TRY IT:
Nothing outside the range below should be printed. Output exactly the lines from the line with "अधिकारी यह सुनिश्चित" to the line with "اطلاقے کرانا مگنیاں", both included.

PROVIDED DATA:
*** Block opens ***

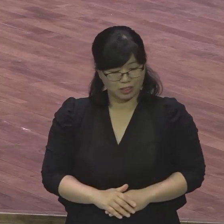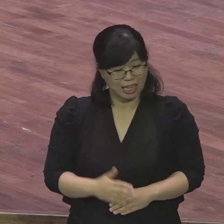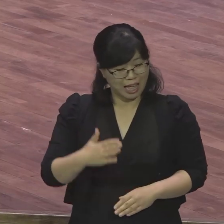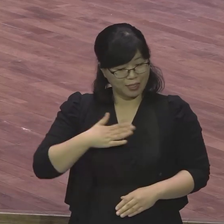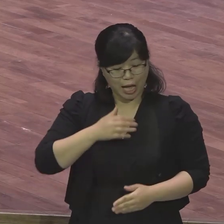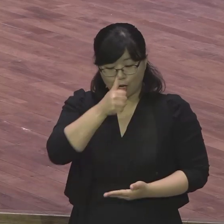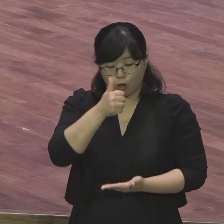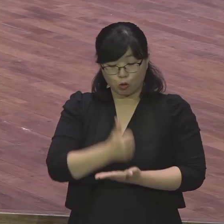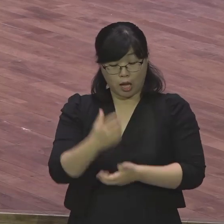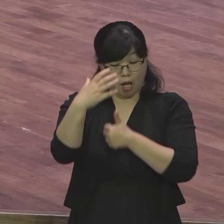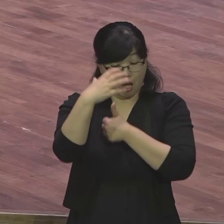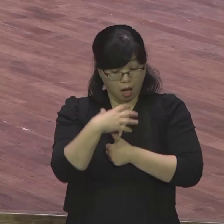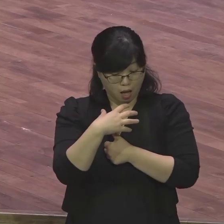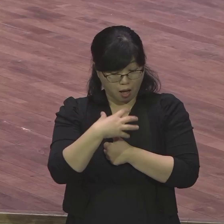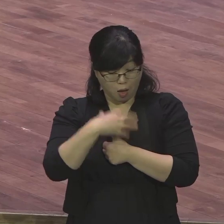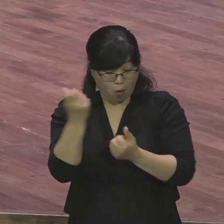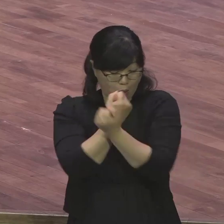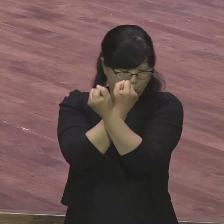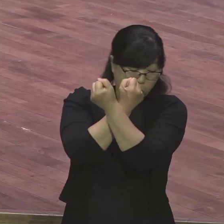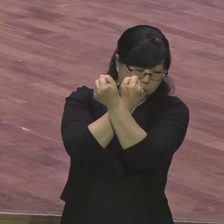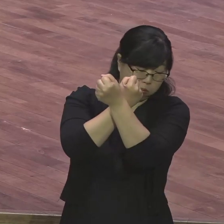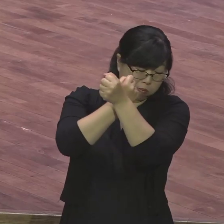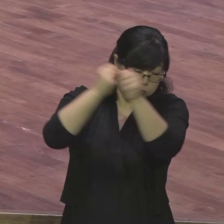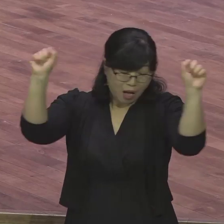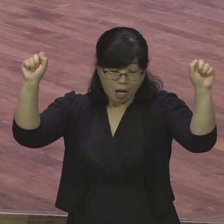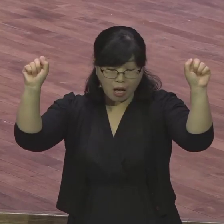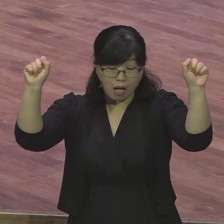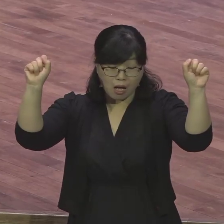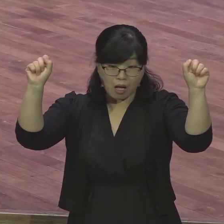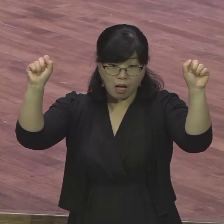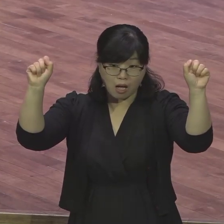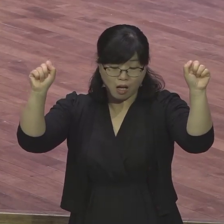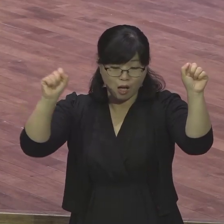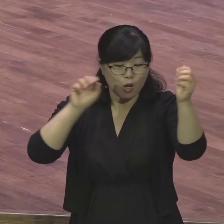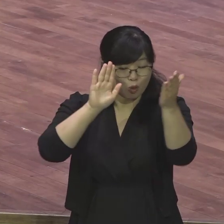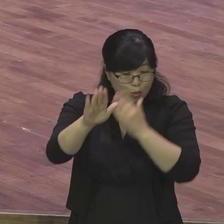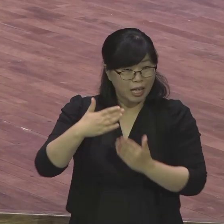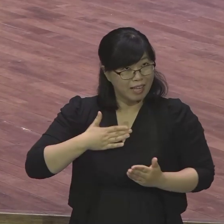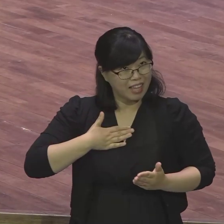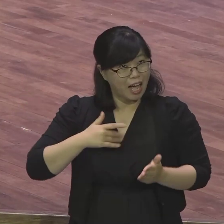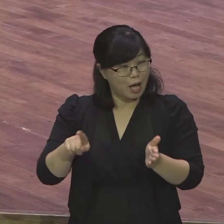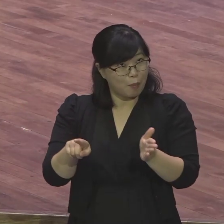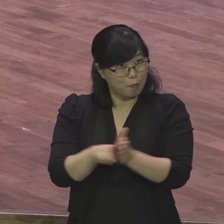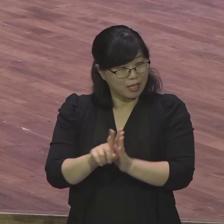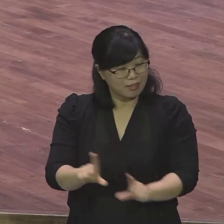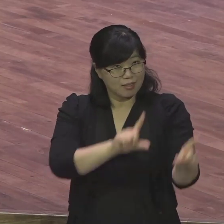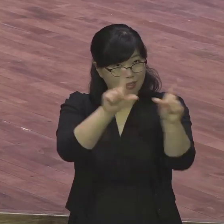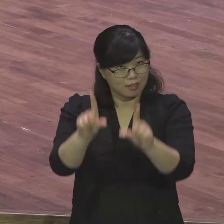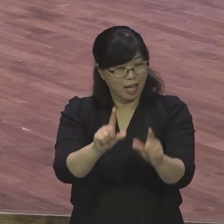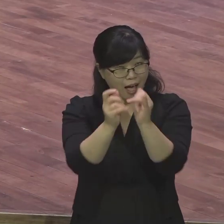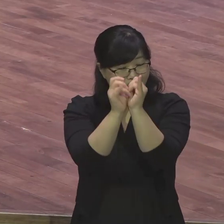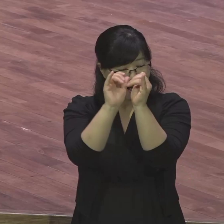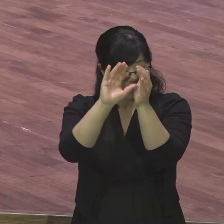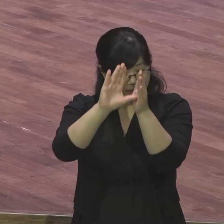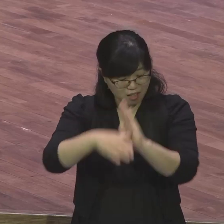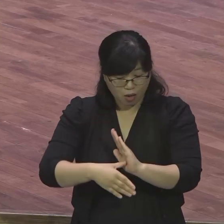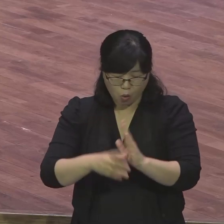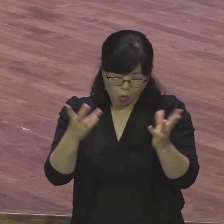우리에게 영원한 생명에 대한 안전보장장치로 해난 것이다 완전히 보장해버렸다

*** Block closes ***
*** Block opens ***

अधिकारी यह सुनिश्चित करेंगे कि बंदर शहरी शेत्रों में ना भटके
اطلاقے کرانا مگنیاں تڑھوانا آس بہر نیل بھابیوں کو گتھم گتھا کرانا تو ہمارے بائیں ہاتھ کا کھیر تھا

*** Block closes ***

WRITTEN SOLUTION:
अधिकारी यह सुनिश्चित करेंगे कि बंदर शहरी शेत्रों में ना भटके
اطلاقے کرانا مگنیاں تڑھوانا آس بہر نیل بھابیوں کو گتھم گتھا کرانا تو ہمارے بائیں ہاتھ کا کھیر تھا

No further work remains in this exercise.